In February 2017, outgoing FERC Commissioner Norman Bay wrote that the commission should look beyond the pipeline -— at the wells that supply it and the plants that will use the product on the other end. He was specifically referring to the Marcellus and Utica shales, whose prolific production and low regional prices have spawned a crush of new pipeline projects.
For an interstate pipeline to be built, it first needs a certificate of public convenience and necessity from the commission. That’s a determination that the project is needed and is in the public’s best interest when weighed against potential impacts.

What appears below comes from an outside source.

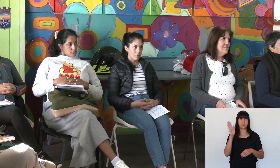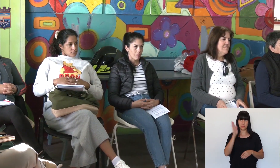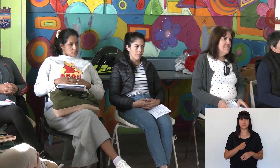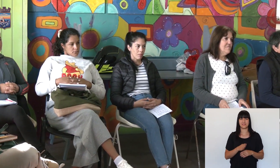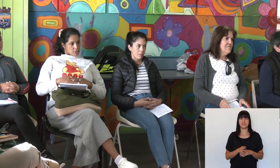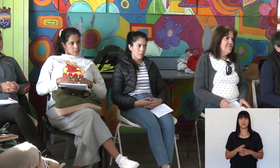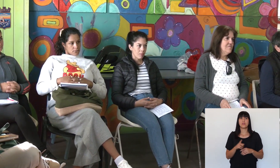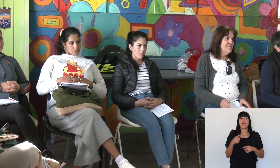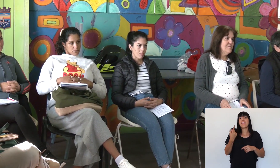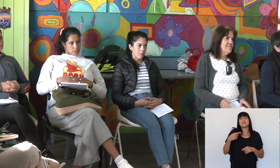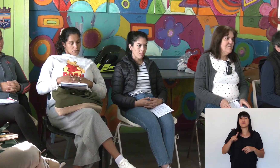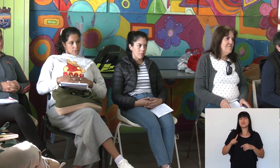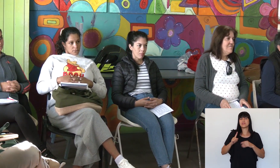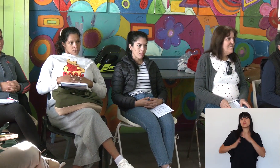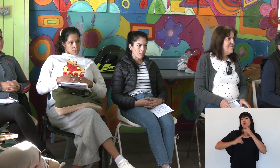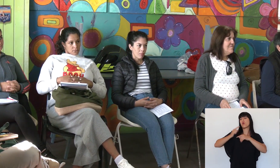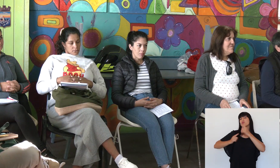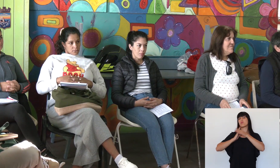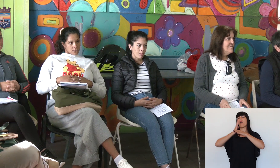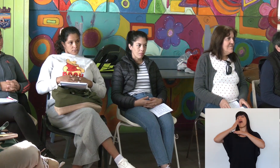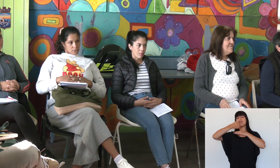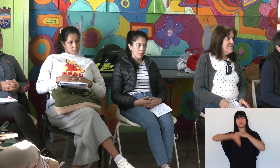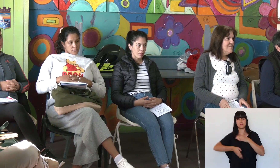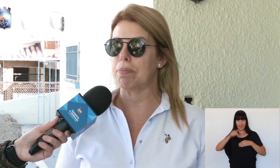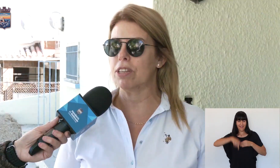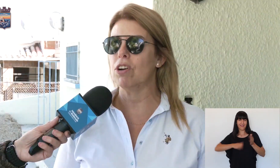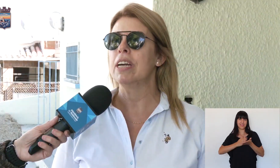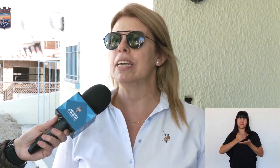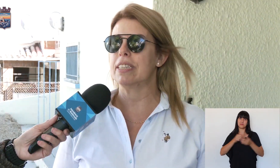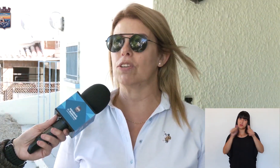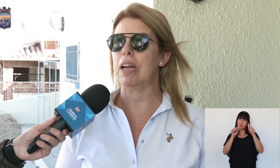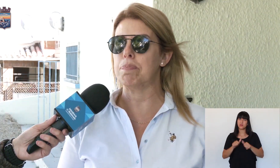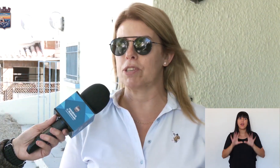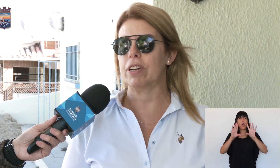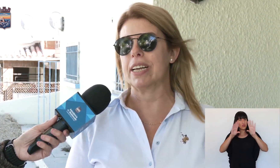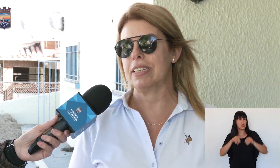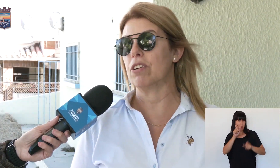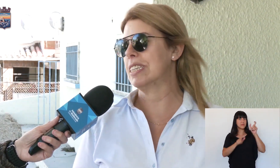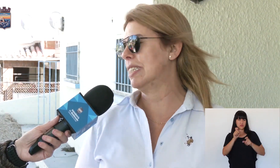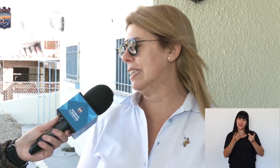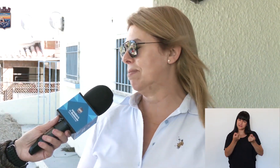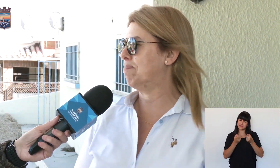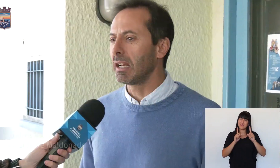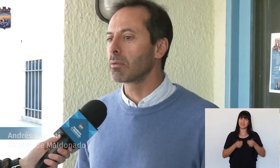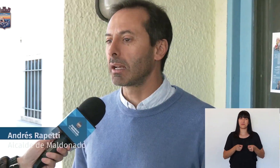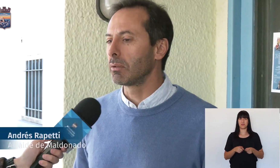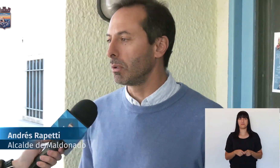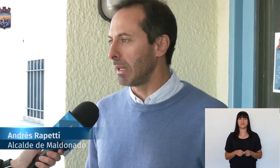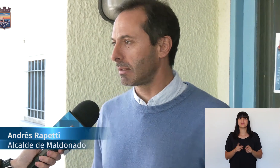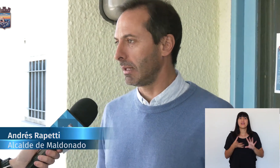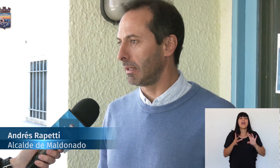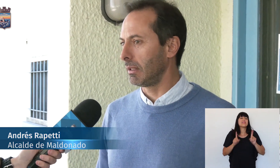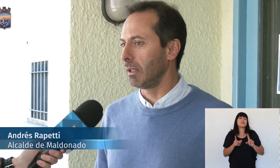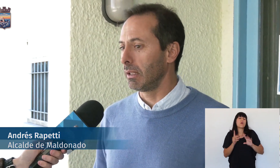seguimos diciendo que seguimos avanzando en la accesibilidad en el departamento y hacia todas las personas que así lo necesitan. En realidad es un

A FERC certificate also carries a big stick — the right for the pipeline company to invoke eminent domain to lay a line across properties where landowners either don’t want it or haven’t been able to negotiate a price to grant permission.
In its recent notice, the FERC also asked for feedback on property rights issues.
There are a number of things the FERC can consider when evaluating need, but in practice it relies almost exclusively on whether there are customers that have pledged to use it.
In recent years, the customers, especially in Appalachia, have actually been the natural gas drillers trying to get their product to a more lucrative market.
Is there a need for two pipelines serving the same region, the FERC asked EQT when it proposed to run the Mountain Valley Pipeline through West Virginia and Virginia, an area that could also be served by the Atlantic Coast Pipeline.
“We feel there is,” said EQT’s president of midstream Jerry Ashcroft told a crowd at Hart Energy’s Marcellus-Utica Midstream conference in Pittsburgh in January. “We feel the Marcellus will be not only a regional supply hub but a national and eventually an international supply hub.”
This dynamic, as the FERC noted in its invitation for comments, has also pushed it to think beyond the pipeline.
Increasingly, people opposing pipelines on environmental grounds and those arguing against the taking of private property by eminent domain note that the eventual beneficiaries of the gas will not be the people paying the price in impacts.
The oil and gas industry was aware that the commission is mulling these issues and questioned FERC commissioner and former Pennsylvania Public Utility Commissioner Robert Powelson during that January midstream conference.
Mr. Powelson, who referred to natural gas as a power for peace in the world, tried to quiet their fears.
“At the end of the day, I want to give everybody peace of mind that you’re not going to get these tectonic shifts in policy,” he said.
“Gas is fueling a clean generation resource for this country,” he noted, ticking off improvements in greenhouse gas emissions from the U.S. electric sector, driven in large part by power plants switching from coal to gas.
With respect to eminent domain, Mr. Powelson said he believes it should only be used as a last resort.
But, “you can’t have risked capital out there,” he told the oil and gas crowd. “You have to create regulatory certainty.”